The Application of Machine Learning to Money Laundering Sanctions

This paper looks at how machine learning techniques and artificial neural networks can be used to forecast money laundering sanctions. Machine learning algorithms can uncover patterns and trends that may signal potential money laundering behaviour by evaluating massive amounts of data, including financial transactions and other pertinent elements. The paper also examines the difficulties associated with using machine learning in the financial sector, such as data quality and privacy problems. Notwithstanding these obstacles, the article contends that machine learning AI can potentially increase the accuracy in predicting money laundering sanctions.

 

Lokanan, M. E. (2023).
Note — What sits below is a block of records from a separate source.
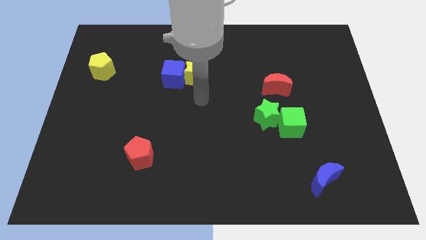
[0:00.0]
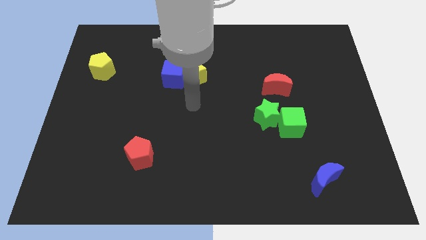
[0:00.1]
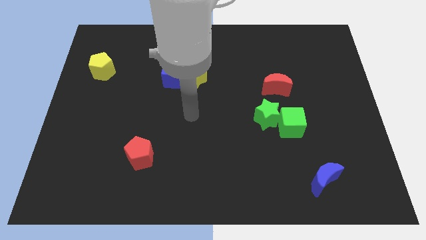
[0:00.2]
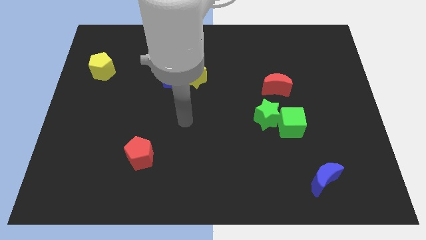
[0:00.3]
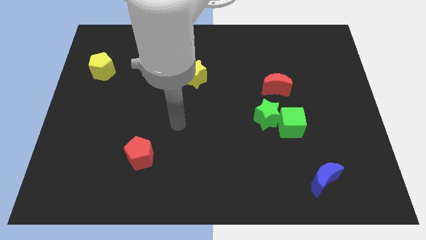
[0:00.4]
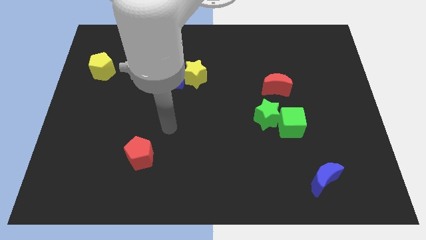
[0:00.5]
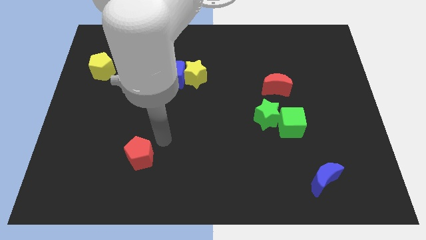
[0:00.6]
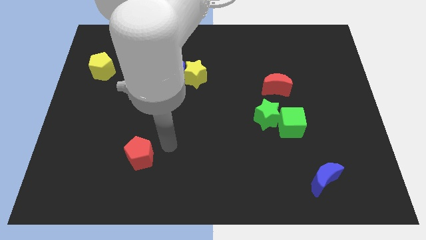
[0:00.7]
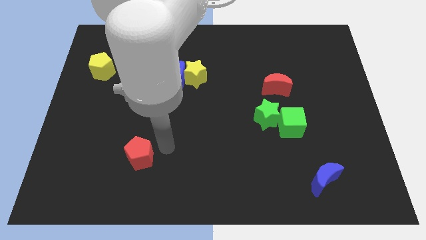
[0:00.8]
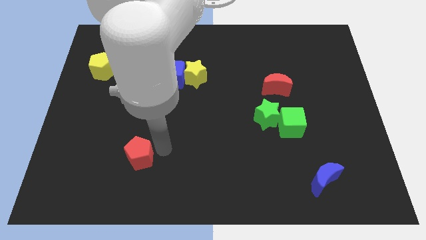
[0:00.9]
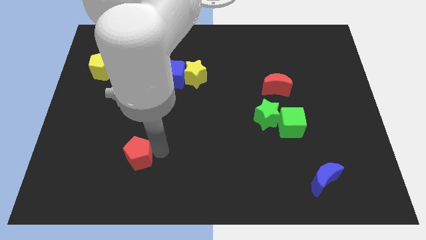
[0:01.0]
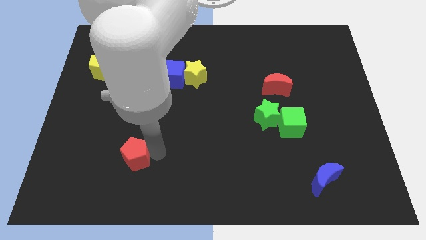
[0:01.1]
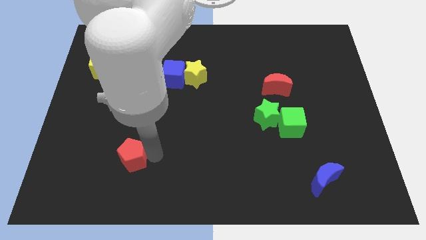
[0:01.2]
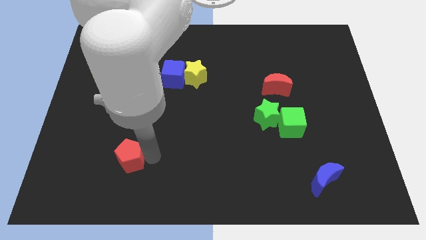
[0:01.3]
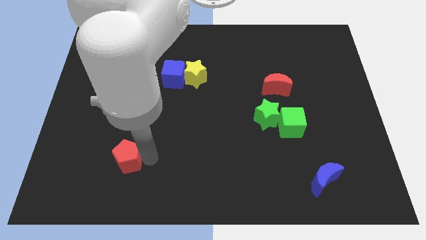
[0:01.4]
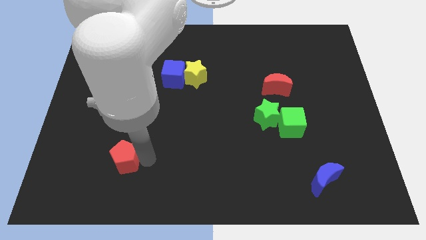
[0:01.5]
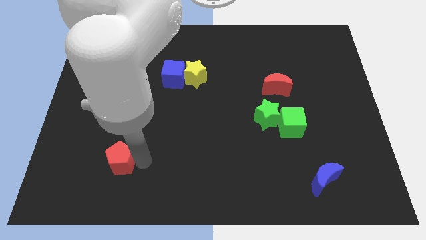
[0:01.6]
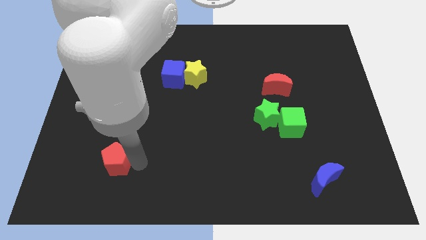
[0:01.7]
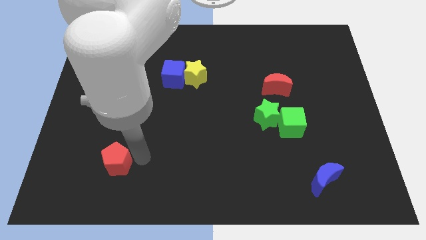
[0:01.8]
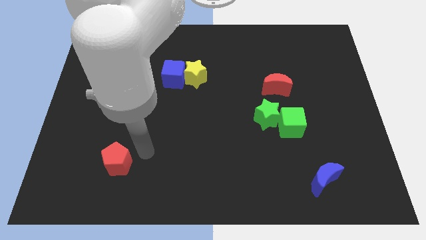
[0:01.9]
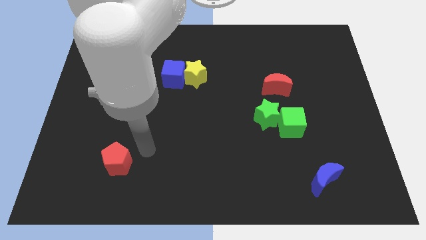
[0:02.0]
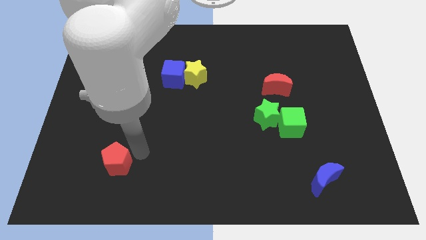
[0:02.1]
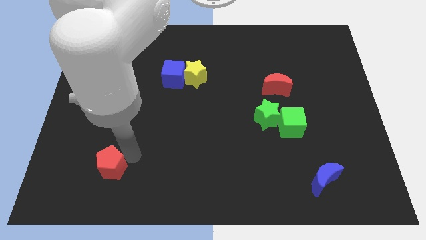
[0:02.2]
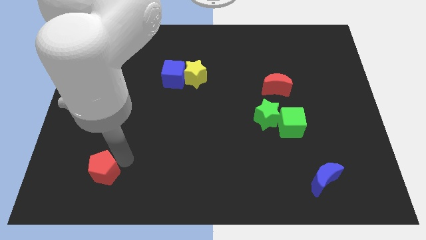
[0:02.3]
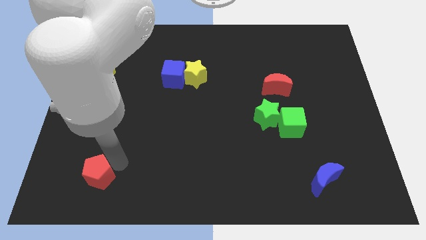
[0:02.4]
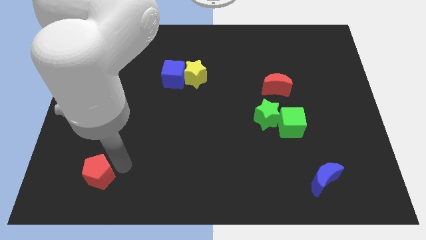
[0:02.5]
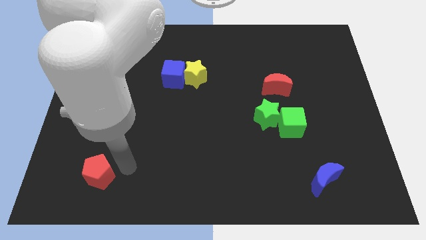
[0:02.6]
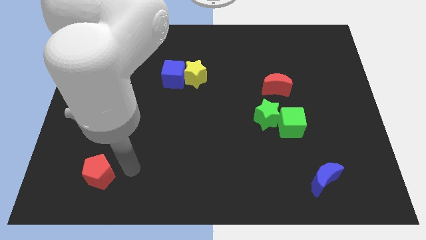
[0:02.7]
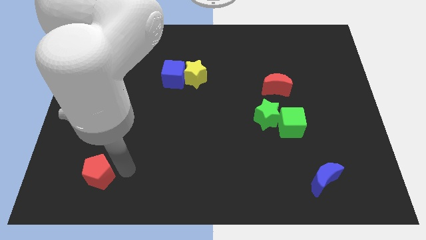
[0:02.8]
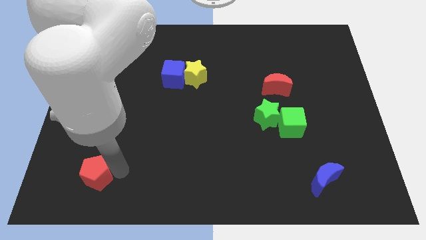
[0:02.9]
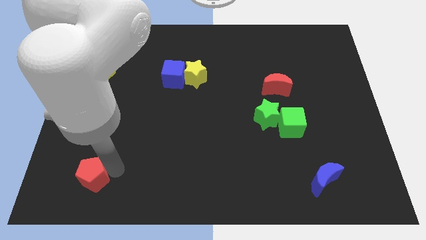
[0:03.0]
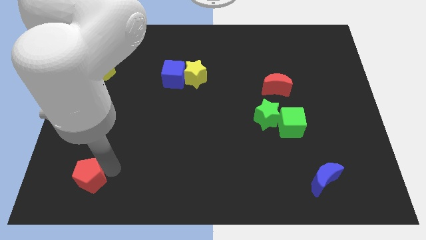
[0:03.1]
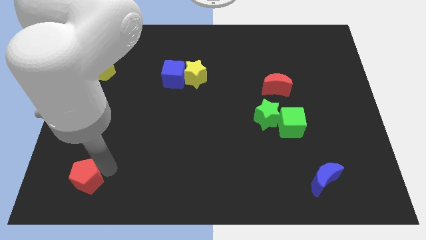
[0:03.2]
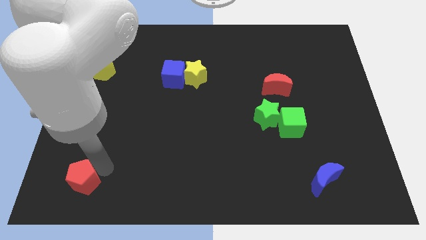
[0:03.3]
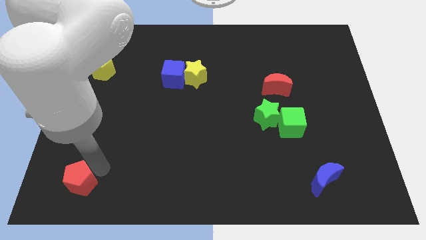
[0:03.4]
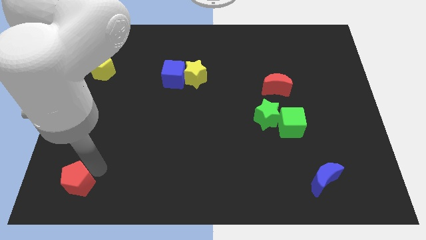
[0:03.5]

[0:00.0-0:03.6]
push the red pentagon to the bottom left of the board

Predicting money laundering sanctions using machine learning algorithms and artificial neural networks. Applied Economics Letters, https://doi.org/10.1080/13504851.2023.2176435

The Determinants of Investment Fraud: A Machine Learning and Artificial Intelligence Approach

The article explores the application of machine learning and artificial intelligence to identify indicators of investment fraud. By examining data on multiple criteria, such as the characteristics of the fraudsters and their victims, the tactics used to perpetrate the fraud, and the regulatory and enforcement contexts, machine learning and AI algorithms can uncover patterns and trends that may indicate investment fraud. The article concludes by arguing that machine learning and artificial intelligence can improve the detection and prevention of investment fraud by identifying important risk variables and facilitating more effective enforcement and regulatory action.